▶ _Action item_: Apart from any images, the entries are to be output exactly.
--- Supplied records Enclosed Below ---
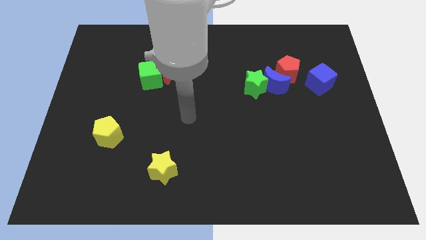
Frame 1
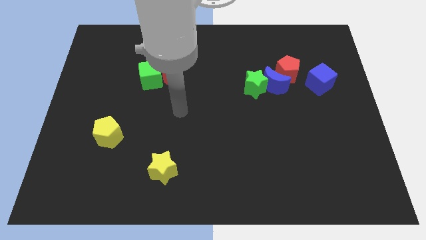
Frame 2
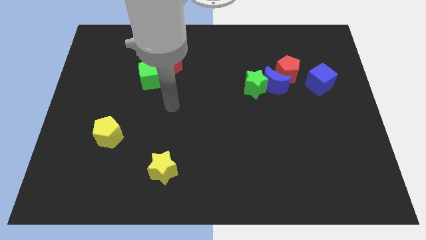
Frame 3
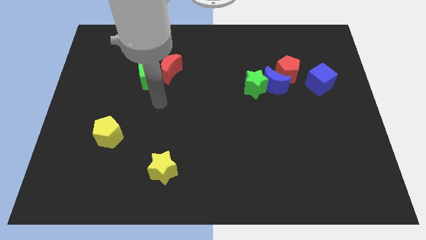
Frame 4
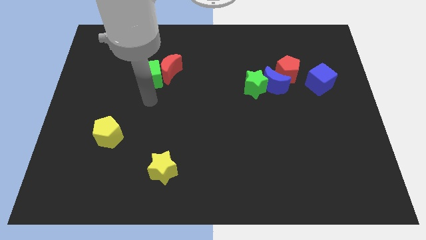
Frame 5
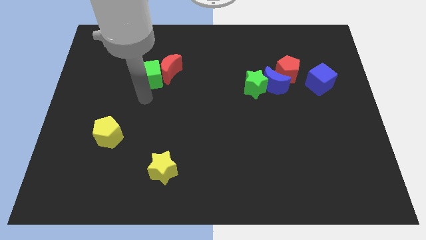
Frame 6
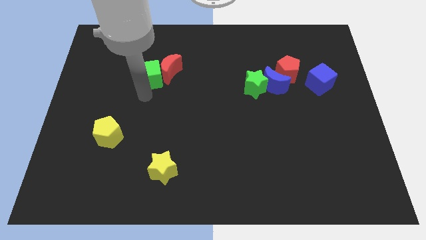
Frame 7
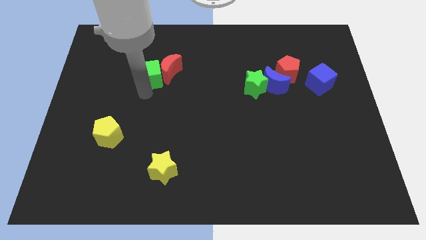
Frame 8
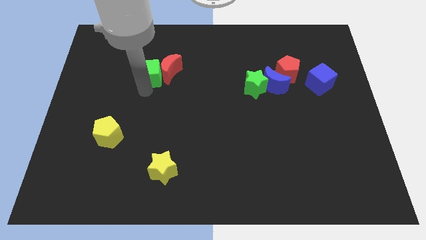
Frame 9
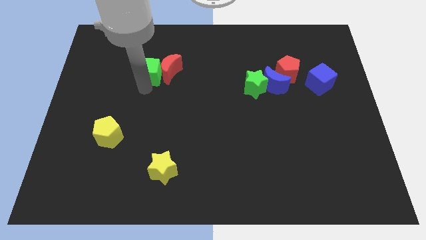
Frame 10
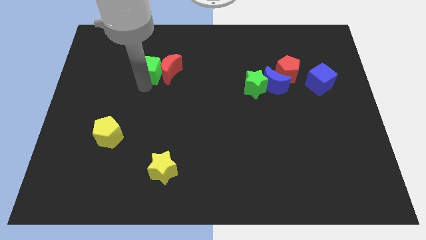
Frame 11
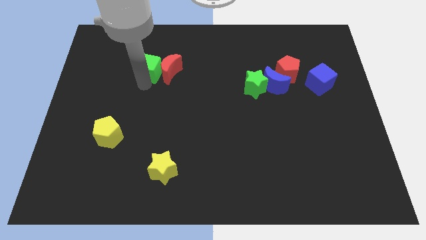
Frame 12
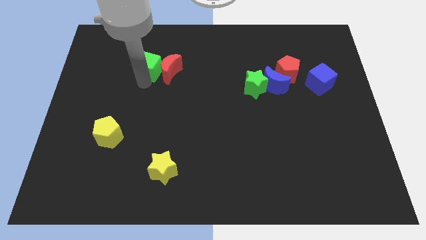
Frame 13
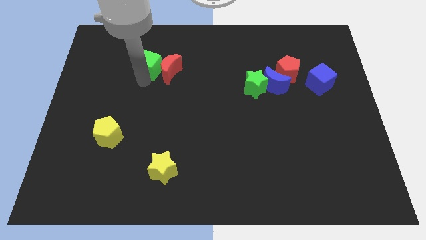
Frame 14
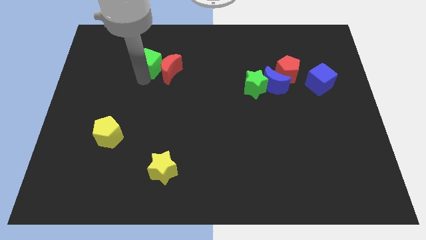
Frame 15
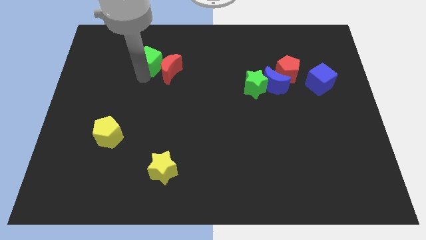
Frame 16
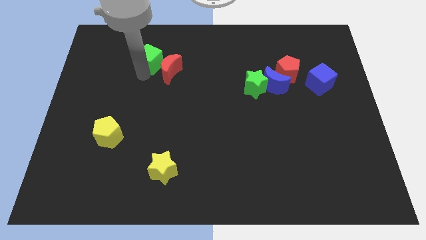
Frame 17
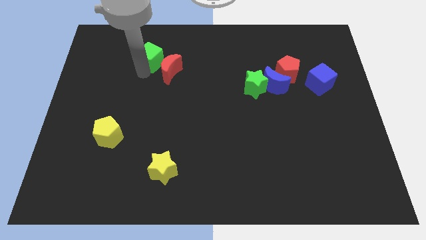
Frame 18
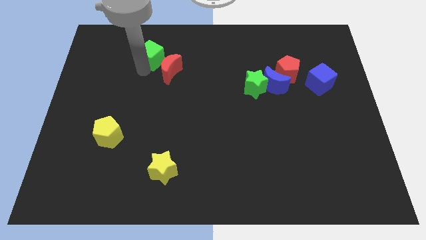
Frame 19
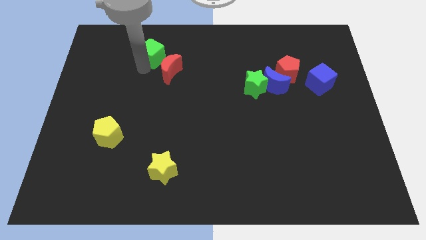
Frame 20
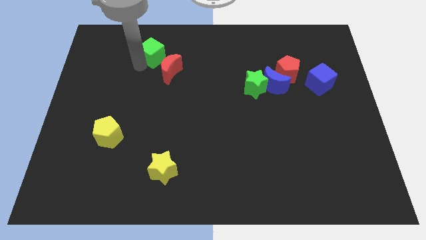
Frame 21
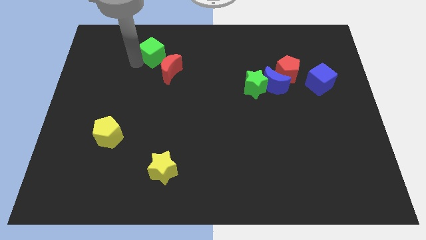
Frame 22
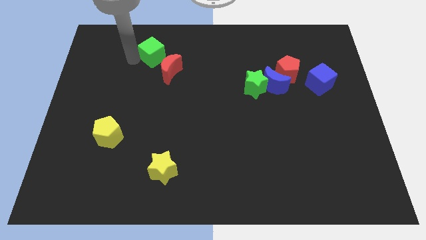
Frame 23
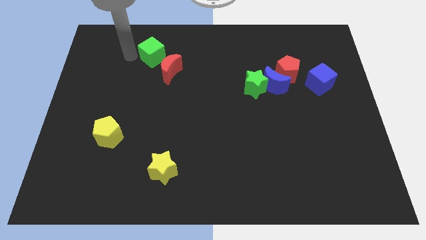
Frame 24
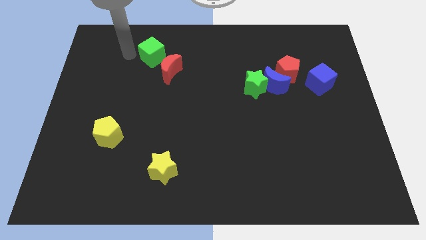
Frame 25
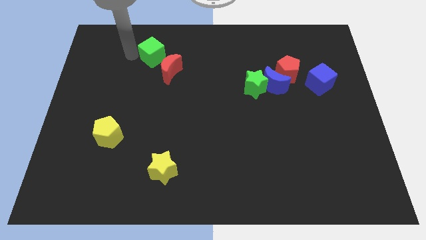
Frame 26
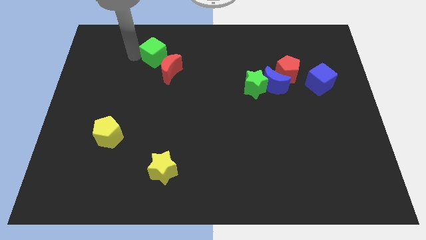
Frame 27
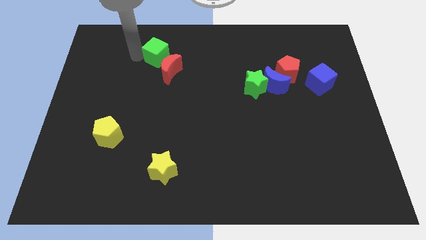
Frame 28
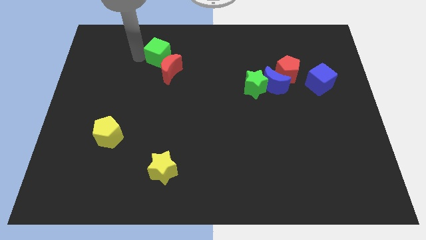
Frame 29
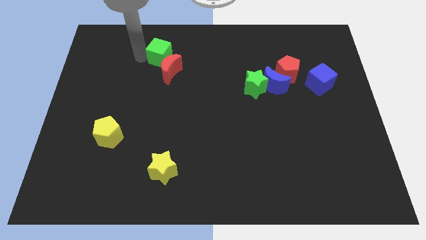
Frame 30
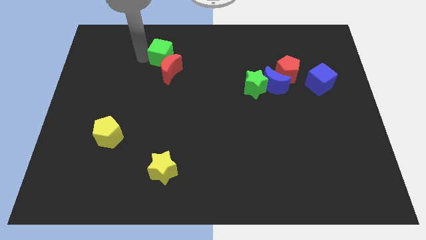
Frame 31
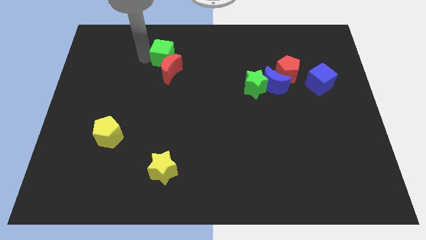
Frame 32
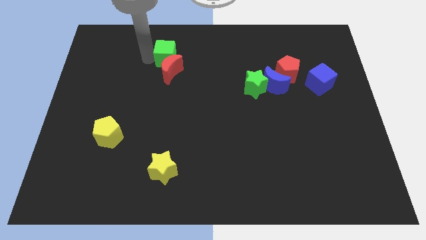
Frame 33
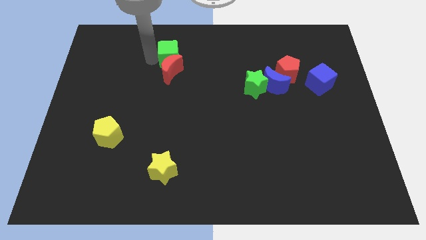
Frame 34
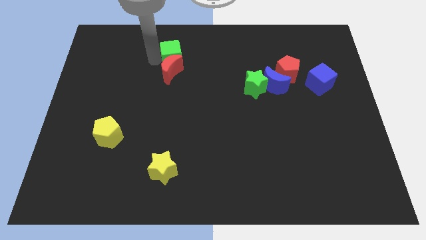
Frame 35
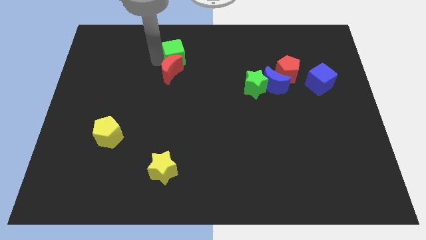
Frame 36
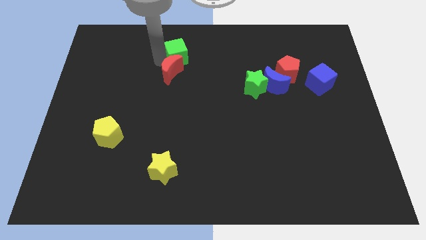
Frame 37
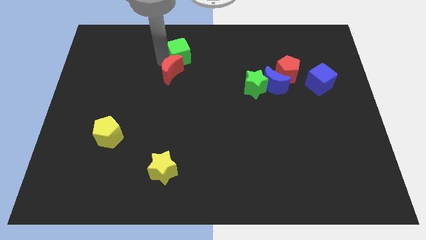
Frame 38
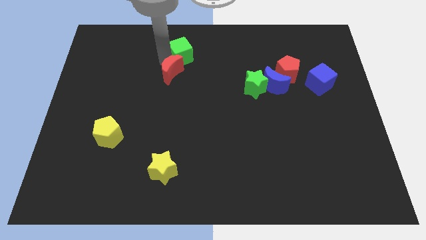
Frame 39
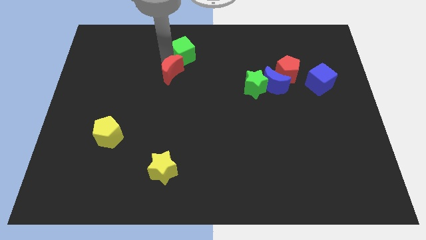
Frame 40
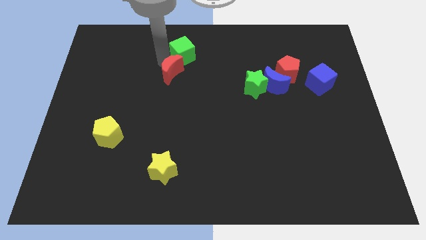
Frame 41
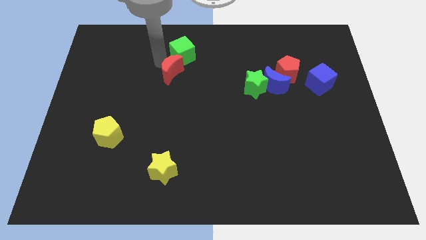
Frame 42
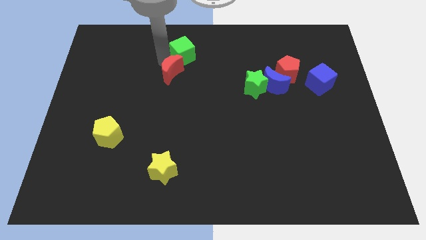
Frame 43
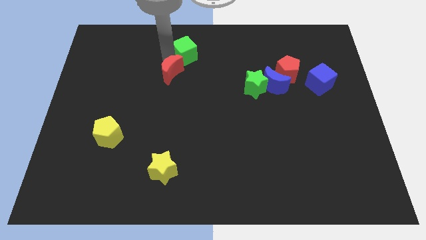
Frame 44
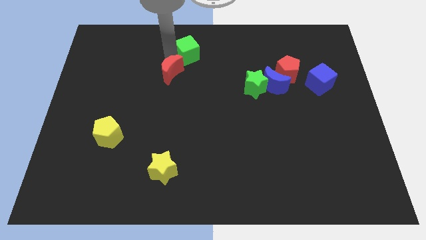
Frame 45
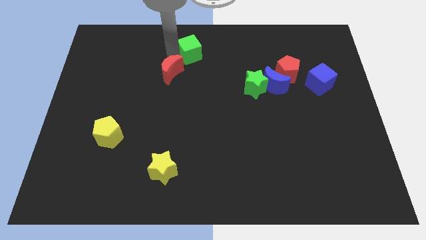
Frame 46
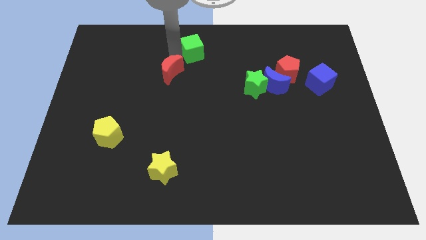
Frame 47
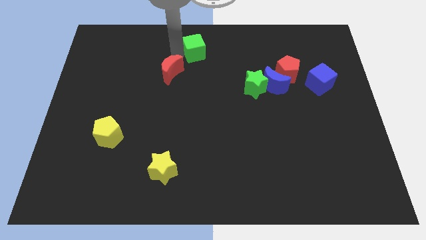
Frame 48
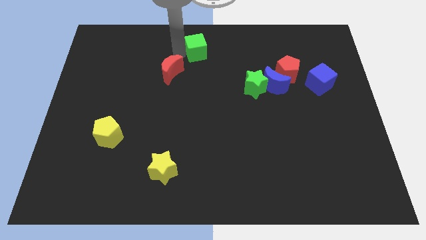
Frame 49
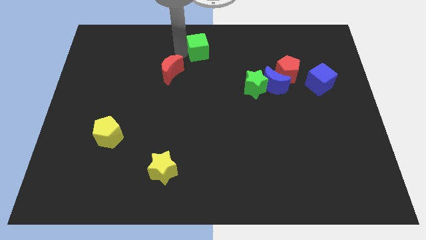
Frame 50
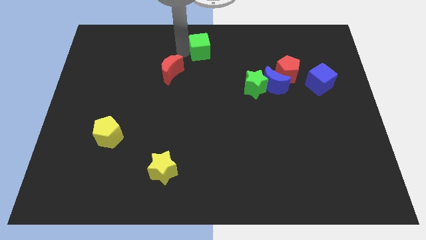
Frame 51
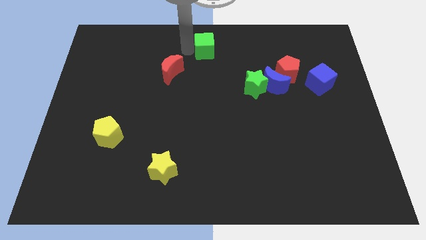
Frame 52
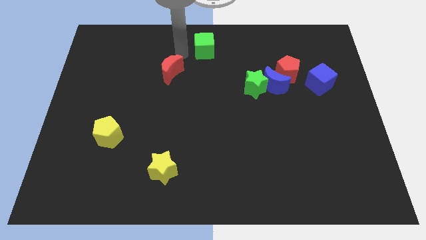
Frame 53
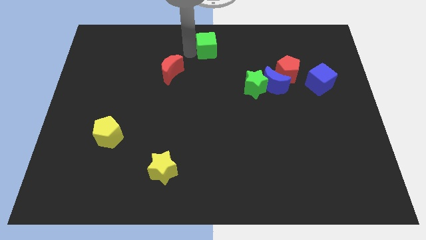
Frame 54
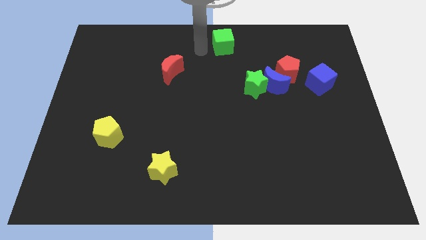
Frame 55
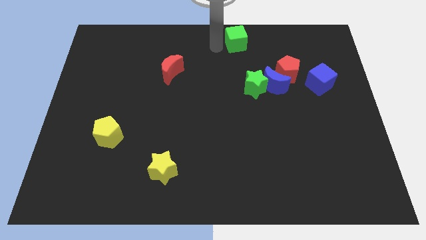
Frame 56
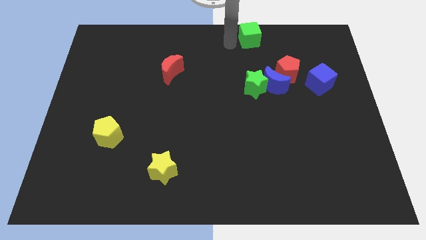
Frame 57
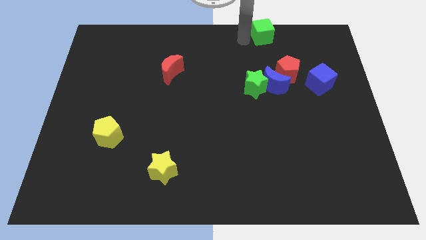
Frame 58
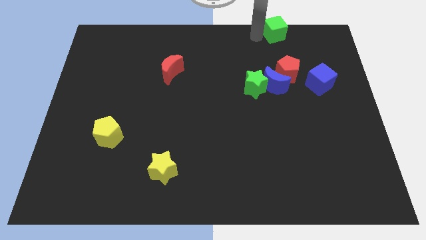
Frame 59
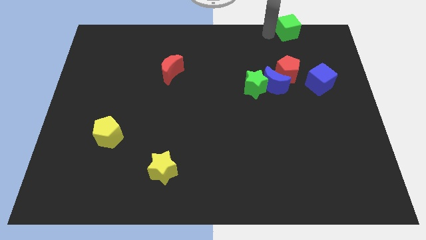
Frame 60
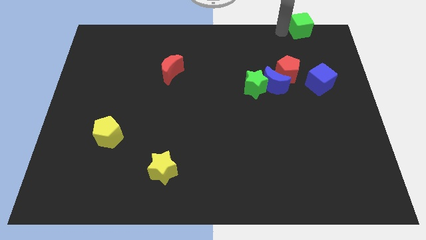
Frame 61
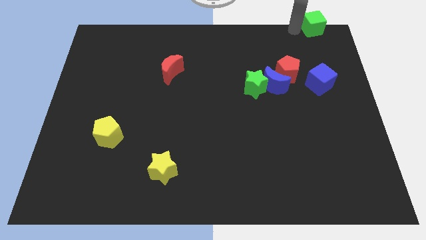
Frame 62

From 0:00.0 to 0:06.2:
--- End of Enclosed Supplied records ---
▶ _Answer area_:
Frame 1
Frame 2
Frame 3
Frame 4
Frame 5
Frame 6
Frame 7
Frame 8
Frame 9
Frame 10
Frame 11
Frame 12
Frame 13
Frame 14
Frame 15
Frame 16
Frame 17
Frame 18
Frame 19
Frame 20
Frame 21
Frame 22
Frame 23
Frame 24
Frame 25
Frame 26
Frame 27
Frame 28
Frame 29
Frame 30
Frame 31
Frame 32
Frame 33
Frame 34
Frame 35
Frame 36
Frame 37
Frame 38
Frame 39
Frame 40
Frame 41
Frame 42
Frame 43
Frame 44
Frame 45
Frame 46
Frame 47
Frame 48
Frame 49
Frame 50
Frame 51
Frame 52
Frame 53
Frame 54
Frame 55
Frame 56
Frame 57
Frame 58
Frame 59
Frame 60
Frame 61
Frame 62

From 0:00.0 to 0:06.2:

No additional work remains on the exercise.